Activity :: Leaving out the images, transcribe every record below exactly.

------------------------

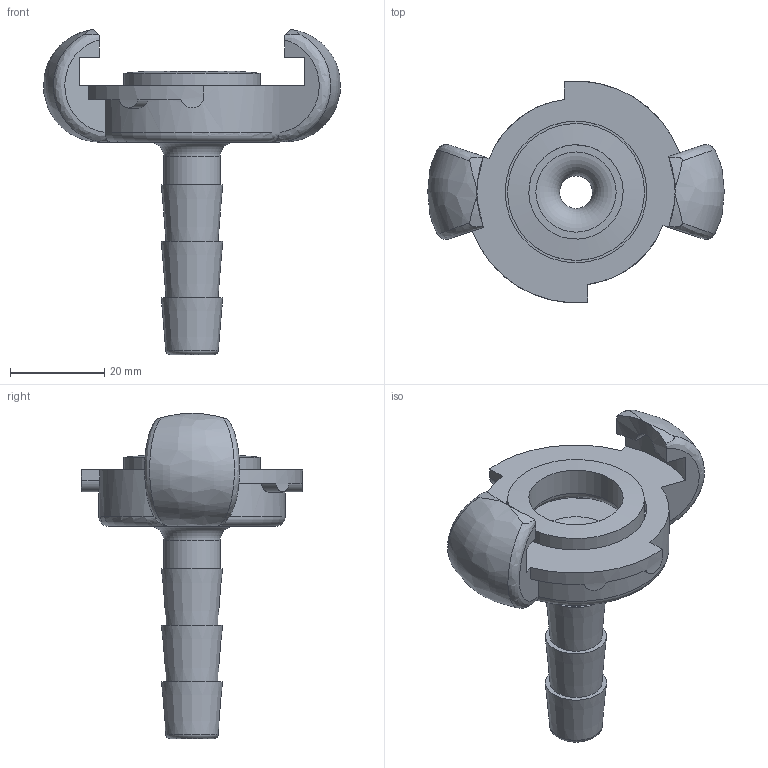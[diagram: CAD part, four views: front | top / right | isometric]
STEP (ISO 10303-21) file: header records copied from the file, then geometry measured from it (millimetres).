
FILE_DESCRIPTION(/* description */ (''),/* implementation_level */ '2;1');
FILE_NAME(/* name */ 'skg_10.stp',/* time_stamp */ '2020-03-31T09:20:48+02:00',/* author */ ('schnellinger'),/* organization */ (''),/* preprocessor_version */ 'ST-DEVELOPER v17',/* originating_system */ 'Autodesk Inventor 2018',/* authorisation */ '0 mm^3');
FILE_SCHEMA (('AUTOMOTIVE_DESIGN { 1 0 10303 214 3 1 1 }'));
Length unit declared in the file: millimetre
Products named in the file (1): ENG-002507_Shrinkwrap_1
Bounding box: 62.84 x 46.99 x 68.91 mm (x, y, z)
Volume: 21608.4 mm3; surface area: 13514.6 mm2
Topology: 2 solids, 2 shells, 65 faces, 185 edges, 130 vertices
Faces by surface type: plane 24, cylinder 21, bspline 6, torus 5, cone 5, sphere 4
Full cylindrical faces by diameter (mm): 7 x1, 12 x1, 20 x1, 29 x1, 30 x1, 34.5 x1, 35 x1
Entity records: 2957 total; most frequent: CARTESIAN_POINT 1156, ORIENTED_EDGE 370, DIRECTION 334, EDGE_CURVE 185, AXIS2_PLACEMENT_3D 140, VERTEX_POINT 130, CIRCLE 80, EDGE_LOOP 75
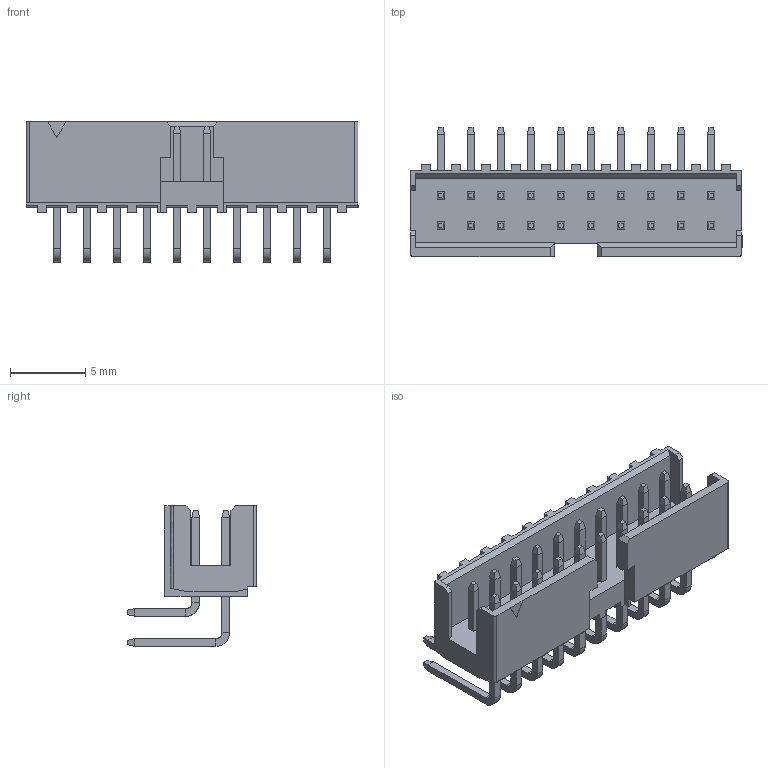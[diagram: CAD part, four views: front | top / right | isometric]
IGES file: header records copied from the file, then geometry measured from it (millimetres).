
Start section: ZWSOFT
Global section: file name: 3122-XXRXXBK00X1.igs; native system: ZW3D; preprocessor: 1.0; author: ZW3D; organization: ZWSOFT; date: 231207.083823; units: millimetre
Bounding box: 22.1 x 8.61 x 9.35 mm (x, y, z)
Surface area: 1251.4 mm2 (no closed solid volume)
Topology: 0 solids, 0 shells, 738 faces, 3374 edges, 3384 vertices
Faces by surface type: bspline 738

------------------------

Reply to the exercise ::
[diagram: CAD part, four views: front | top / right | isometric]
STEP (ISO 10303-21) file: header records copied from the file, then geometry measured from it (millimetres).
FILE_DESCRIPTION(/* description */ (''),/* implementation_level */ '2;1');
FILE_NAME(/* name */ 'skg_10.stp',/* time_stamp */ '2020-03-31T09:20:48+02:00',/* author */ ('schnellinger'),/* organization */ (''),/* preprocessor_version */ 'ST-DEVELOPER v17',/* originating_system */ 'Autodesk Inventor 2018',/* authorisation */ '0 mm^3');
FILE_SCHEMA (('AUTOMOTIVE_DESIGN { 1 0 10303 214 3 1 1 }'));
Length unit declared in the file: millimetre
Products named in the file (1): ENG-002507_Shrinkwrap_1
Bounding box: 62.84 x 46.99 x 68.91 mm (x, y, z)
Volume: 21608.4 mm3; surface area: 13514.6 mm2
Topology: 2 solids, 2 shells, 65 faces, 185 edges, 130 vertices
Faces by surface type: plane 24, cylinder 21, bspline 6, torus 5, cone 5, sphere 4
Full cylindrical faces by diameter (mm): 7 x1, 12 x1, 20 x1, 29 x1, 30 x1, 34.5 x1, 35 x1
Entity records: 2957 total; most frequent: CARTESIAN_POINT 1156, ORIENTED_EDGE 370, DIRECTION 334, EDGE_CURVE 185, AXIS2_PLACEMENT_3D 140, VERTEX_POINT 130, CIRCLE 80, EDGE_LOOP 75
[diagram: CAD part, four views: front | top / right | isometric]
IGES file: header records copied from the file, then geometry measured from it (millimetres).
Start section: ZWSOFT
Global section: file name: 3122-XXRXXBK00X1.igs; native system: ZW3D; preprocessor: 1.0; author: ZW3D; organization: ZWSOFT; date: 231207.083823; units: millimetre
Bounding box: 22.1 x 8.61 x 9.35 mm (x, y, z)
Surface area: 1251.4 mm2 (no closed solid volume)
Topology: 0 solids, 0 shells, 738 faces, 3374 edges, 3384 vertices
Faces by surface type: bspline 738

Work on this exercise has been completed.